Material provided:
▼
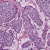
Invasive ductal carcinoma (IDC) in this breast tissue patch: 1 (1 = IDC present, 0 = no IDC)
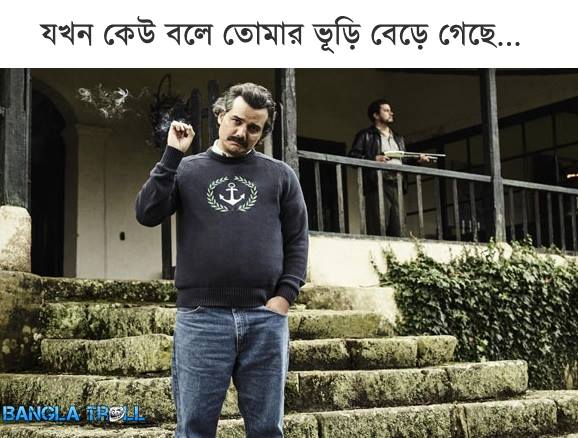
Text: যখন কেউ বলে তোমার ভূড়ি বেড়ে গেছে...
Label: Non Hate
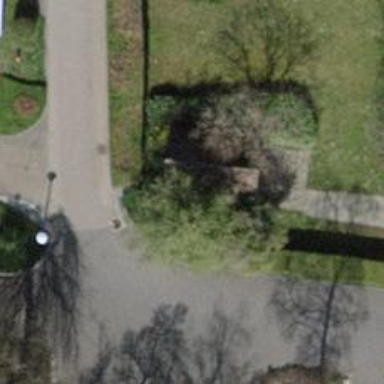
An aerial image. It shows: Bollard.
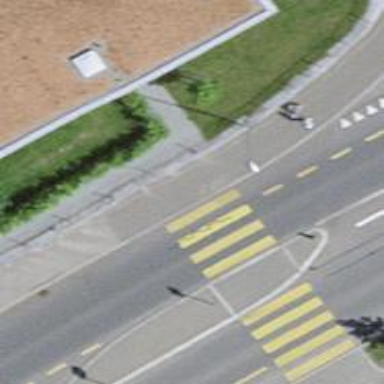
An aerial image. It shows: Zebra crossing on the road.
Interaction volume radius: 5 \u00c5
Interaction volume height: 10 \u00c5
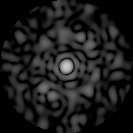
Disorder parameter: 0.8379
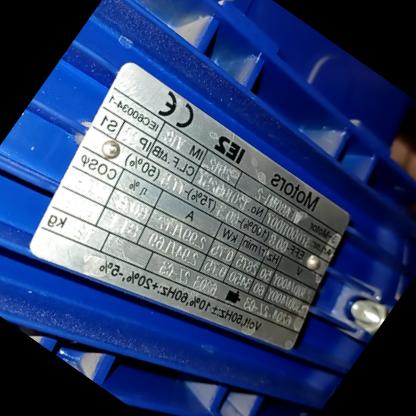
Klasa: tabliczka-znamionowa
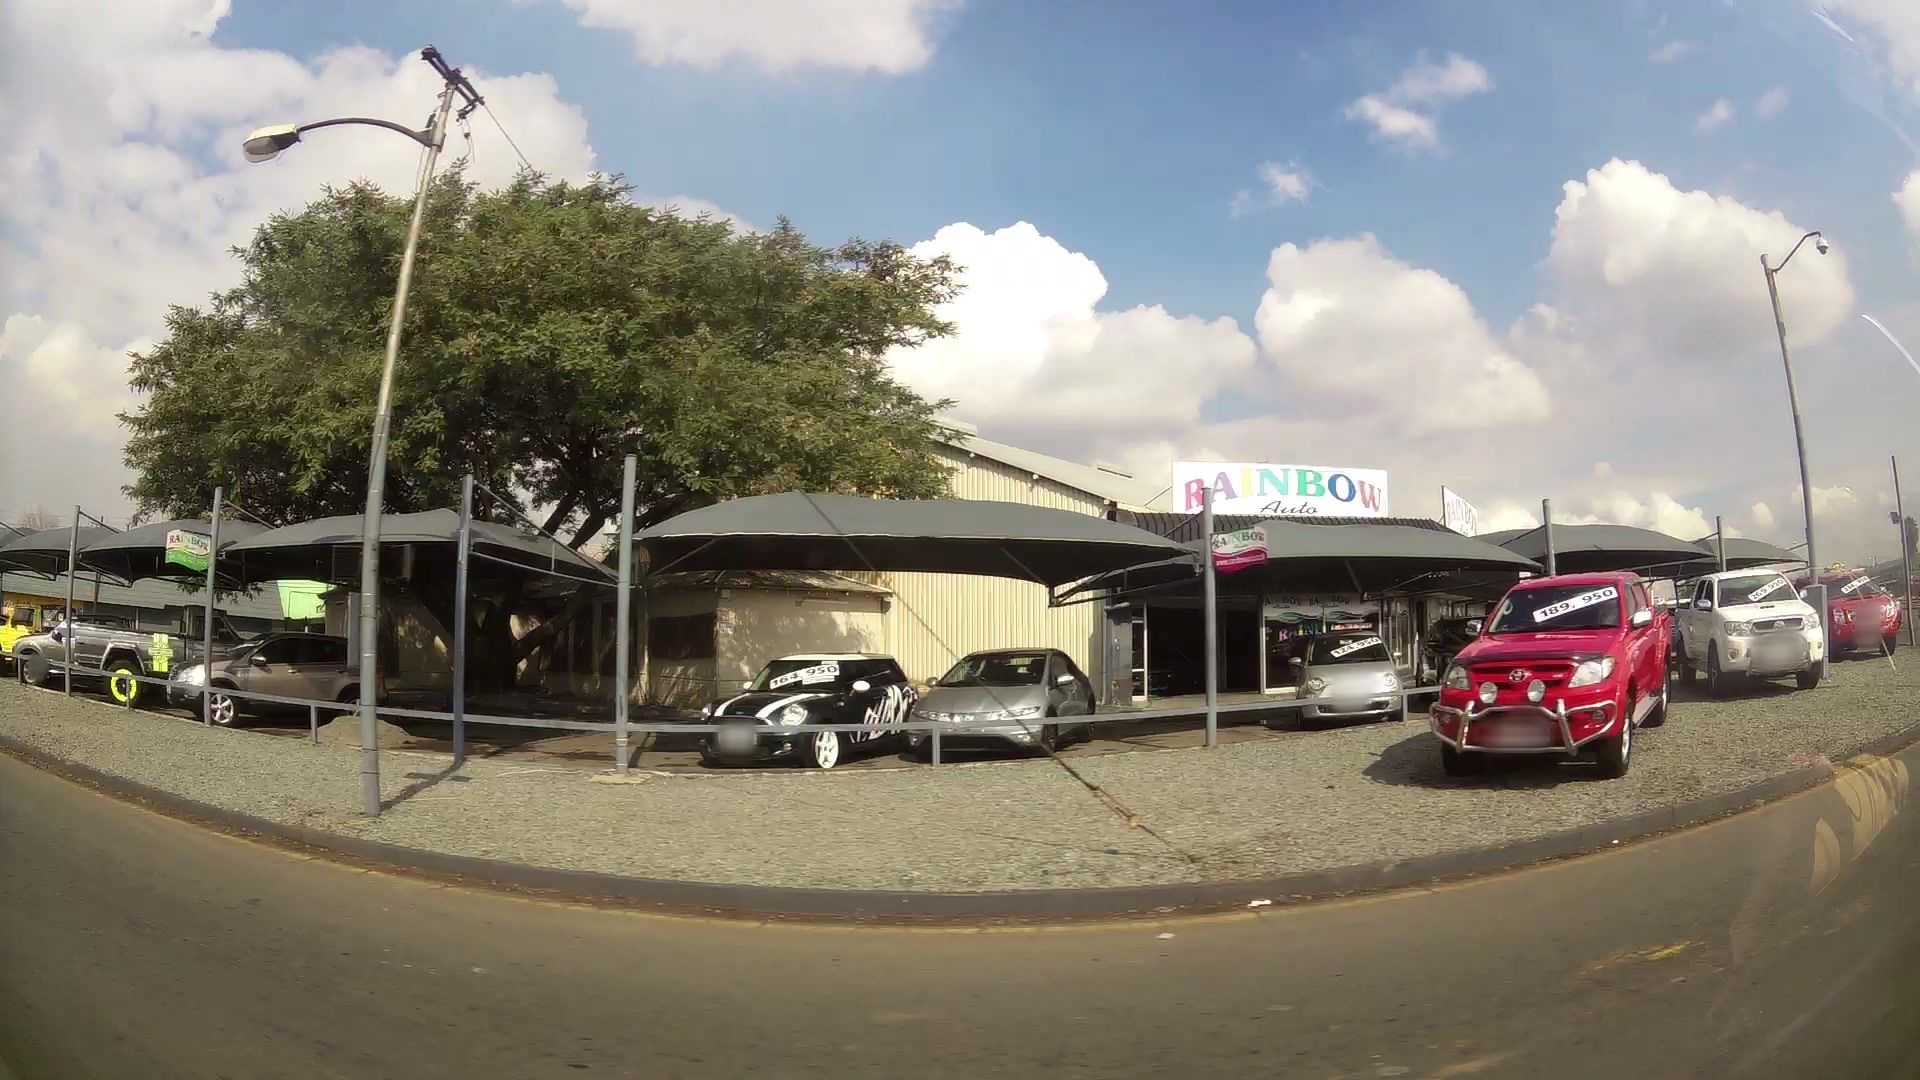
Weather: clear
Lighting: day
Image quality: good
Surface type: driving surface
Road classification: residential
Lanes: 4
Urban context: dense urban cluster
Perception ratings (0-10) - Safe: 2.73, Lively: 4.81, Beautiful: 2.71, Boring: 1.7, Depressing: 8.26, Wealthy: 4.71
▲
▼
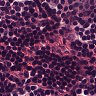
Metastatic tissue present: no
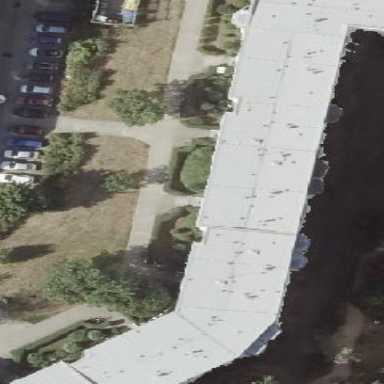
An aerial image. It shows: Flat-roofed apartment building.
▲
▼
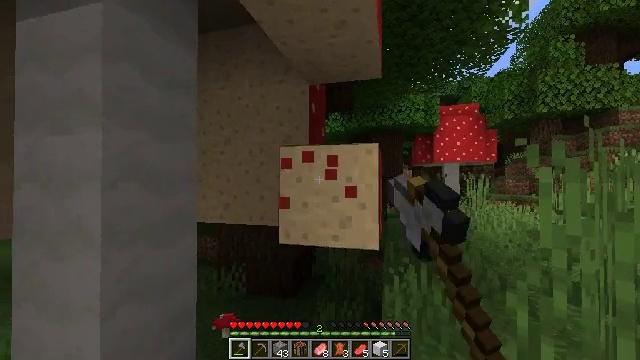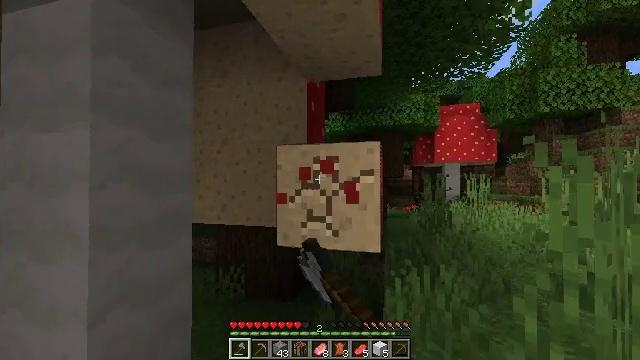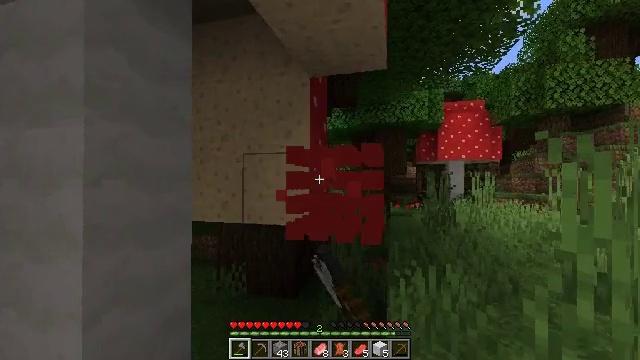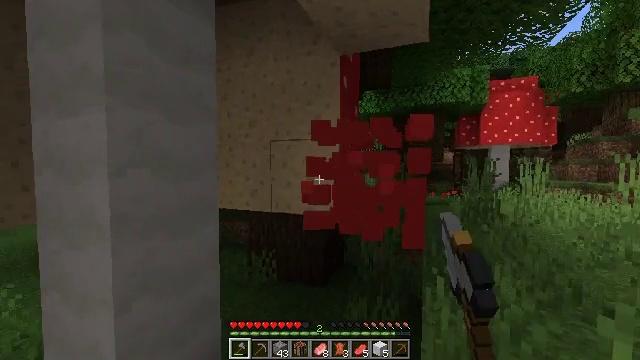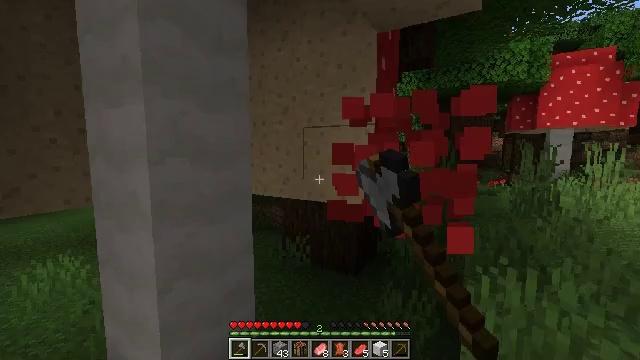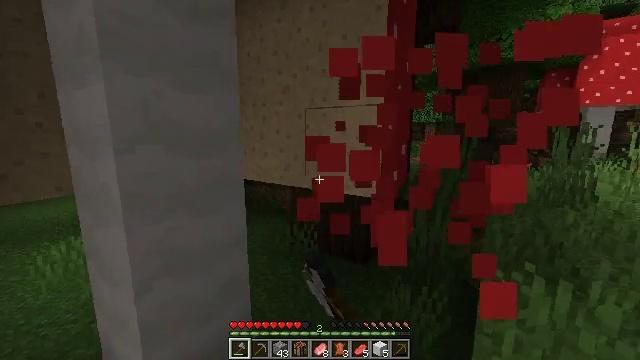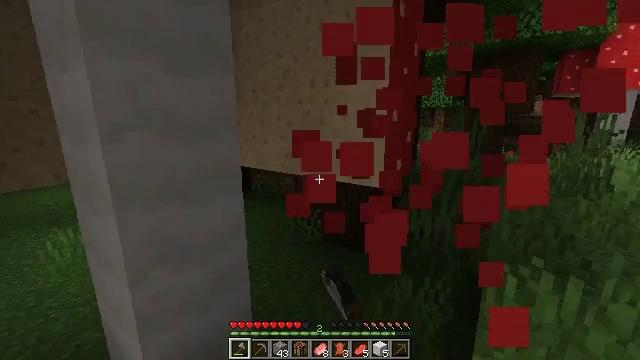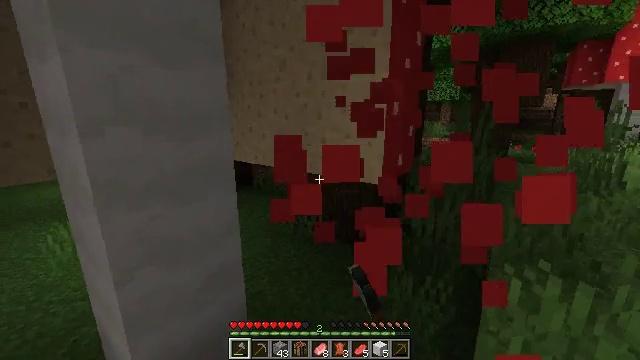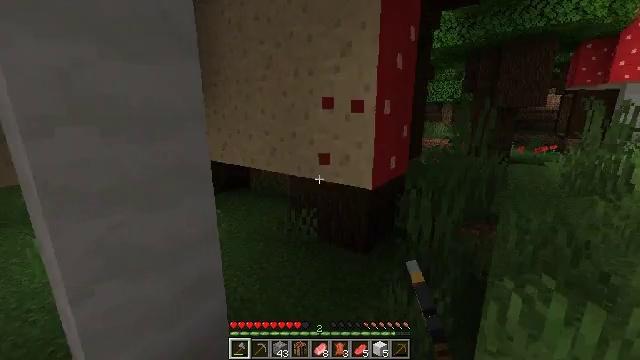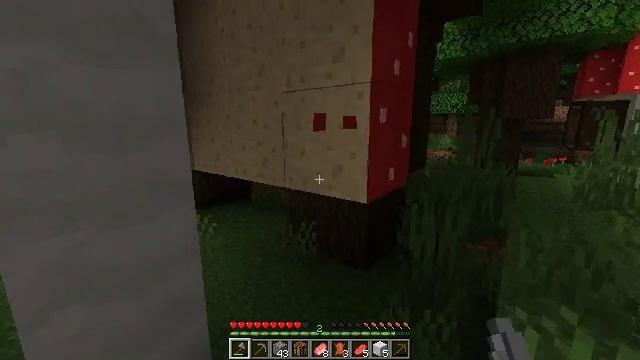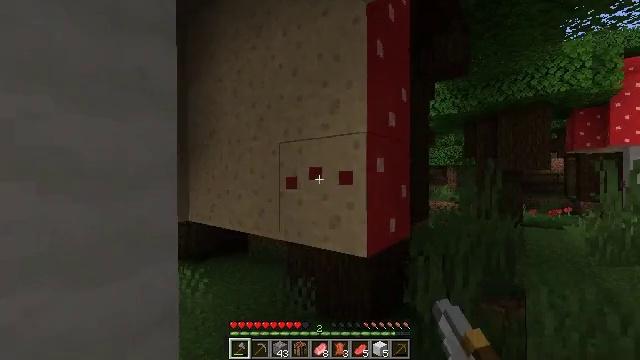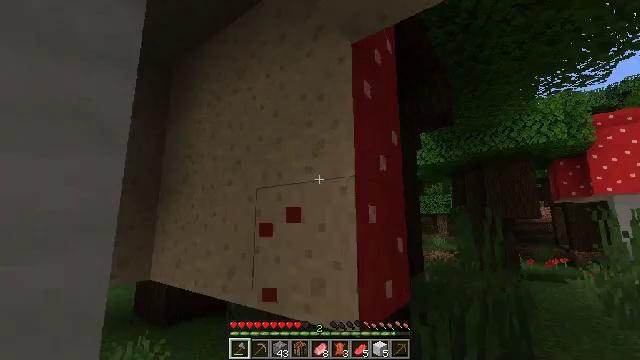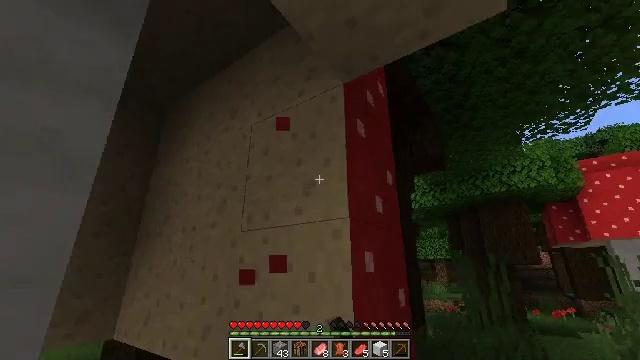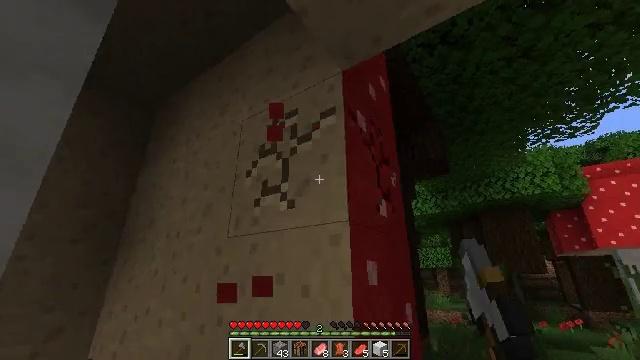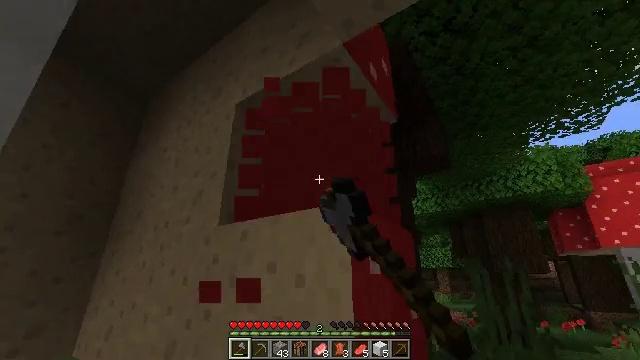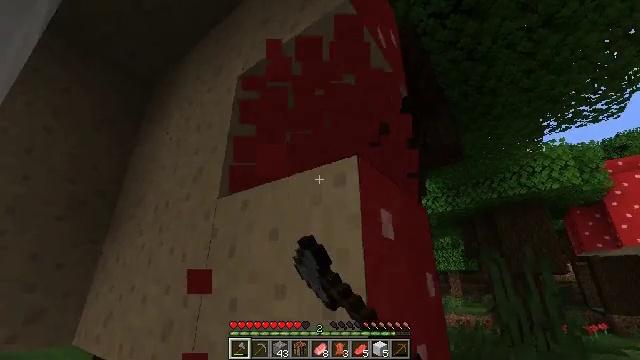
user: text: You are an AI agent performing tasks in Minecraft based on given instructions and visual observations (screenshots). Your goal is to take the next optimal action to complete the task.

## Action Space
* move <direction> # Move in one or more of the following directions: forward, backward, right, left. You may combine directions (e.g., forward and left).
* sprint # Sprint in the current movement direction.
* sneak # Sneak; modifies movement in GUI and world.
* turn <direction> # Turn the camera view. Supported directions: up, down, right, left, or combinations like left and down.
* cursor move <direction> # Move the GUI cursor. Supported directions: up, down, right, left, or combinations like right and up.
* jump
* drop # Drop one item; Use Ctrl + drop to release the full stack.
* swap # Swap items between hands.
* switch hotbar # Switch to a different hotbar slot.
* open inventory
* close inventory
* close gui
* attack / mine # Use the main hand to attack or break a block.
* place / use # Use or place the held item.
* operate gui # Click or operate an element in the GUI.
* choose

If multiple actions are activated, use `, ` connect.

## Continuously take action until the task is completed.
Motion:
▲
Work to complete:
Find the number of lines in the material above that contain the word "down"; write that number and nothing else.

Answer space:
2